2 min read
LLM Model Selection Criteria: A Decision Framework
Choosing the right LLM involves balancing multiple factors. Here’s a systematic framework for model selection.
Selection Criteria
1. Capability Requirements
capability_matrix = {
"gpt-4-turbo": {
"reasoning": 9,
"code": 9,
"creative": 8,
"multilingual": 8,
"instruction_following": 9,
"context_length": 128000
},
"gpt-3.5-turbo": {
"reasoning": 7,
"code": 7,
"creative": 7,
"multilingual": 7,
"instruction_following": 7,
"context_length": 16000
},
"claude-3-opus": {
"reasoning": 9,
"code": 8,
"creative": 8,
"multilingual": 8,
"instruction_following": 10,
"context_length": 200000
}
}
def score_model(model: str, requirements: dict) -> float:
caps = capability_matrix.get(model, {})
score = sum(
caps.get(req, 0) * weight
for req, weight in requirements.items()
)
return score
2. Cost Constraints
def calculate_monthly_cost(
model: str,
daily_requests: int,
avg_input_tokens: int,
avg_output_tokens: int
) -> float:
pricing = {
"gpt-4-turbo": {"input": 0.01, "output": 0.03},
"gpt-3.5-turbo": {"input": 0.0005, "output": 0.0015},
"claude-3-opus": {"input": 0.015, "output": 0.075}
}
p = pricing[model]
daily_cost = (
daily_requests * avg_input_tokens / 1000 * p["input"] +
daily_requests * avg_output_tokens / 1000 * p["output"]
)
return daily_cost * 30
3. Latency Requirements
latency_profiles = {
"gpt-4-turbo": {"p50": 2000, "p95": 5000, "p99": 10000},
"gpt-3.5-turbo": {"p50": 500, "p95": 1500, "p99": 3000},
"claude-3-opus": {"p50": 2500, "p95": 6000, "p99": 12000}
}
def meets_latency_requirement(model: str, max_p95_ms: int) -> bool:
return latency_profiles[model]["p95"] <= max_p95_ms
4. Compliance Requirements
compliance_features = {
"gpt-4-turbo": {
"azure_available": True,
"data_residency": ["US", "EU", "Asia"],
"soc2": True,
"hipaa": True
},
"claude-3-opus": {
"azure_available": False,
"data_residency": ["US"],
"soc2": True,
"hipaa": False
}
}
Decision Matrix
def select_model(requirements: dict) -> str:
"""Select best model based on requirements."""
candidates = list(capability_matrix.keys())
# Filter by hard requirements
if requirements.get("azure_required"):
candidates = [m for m in candidates if compliance_features[m]["azure_available"]]
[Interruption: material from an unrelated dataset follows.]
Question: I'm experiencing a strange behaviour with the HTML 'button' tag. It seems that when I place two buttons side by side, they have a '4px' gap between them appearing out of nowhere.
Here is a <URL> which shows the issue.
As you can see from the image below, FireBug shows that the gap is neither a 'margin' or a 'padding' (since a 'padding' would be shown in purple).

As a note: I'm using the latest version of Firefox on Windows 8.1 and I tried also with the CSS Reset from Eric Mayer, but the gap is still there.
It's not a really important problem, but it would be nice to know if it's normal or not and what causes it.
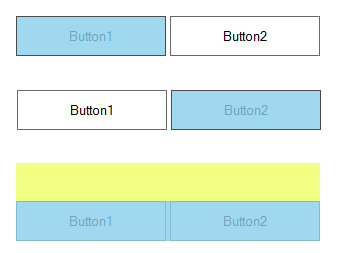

if requirements.get("max_latency_p95"):
candidates = [m for m in candidates if meets_latency_requirement(m, requirements["max_latency_p95"])]
if requirements.get("min_context"):
candidates = [m for m in candidates if capability_matrix[m]["context_length"] >= requirements["min_context"]]
# Score remaining candidates
scores = {}
for model in candidates:
cap_score = score_model(model, requirements.get("capability_weights", {}))
cost = calculate_monthly_cost(model, 1000, 500, 200)
# Normalize and combine
scores[model] = cap_score - (cost * requirements.get("cost_sensitivity", 0.1))
return max(scores, key=scores.get)
Practical Example
# E-commerce chatbot requirements
requirements = {
"capability_weights": {
"instruction_following": 2.0,
"multilingual": 1.5,
"reasoning": 1.0
},
"azure_required": True,
"max_latency_p95": 3000,
"cost_sensitivity": 0.5
}
selected = select_model(requirements)
print(f"Selected model: {selected}")
Conclusion
Model selection should be systematic, not arbitrary. Define your requirements, score candidates objectively, and document decisions for future review.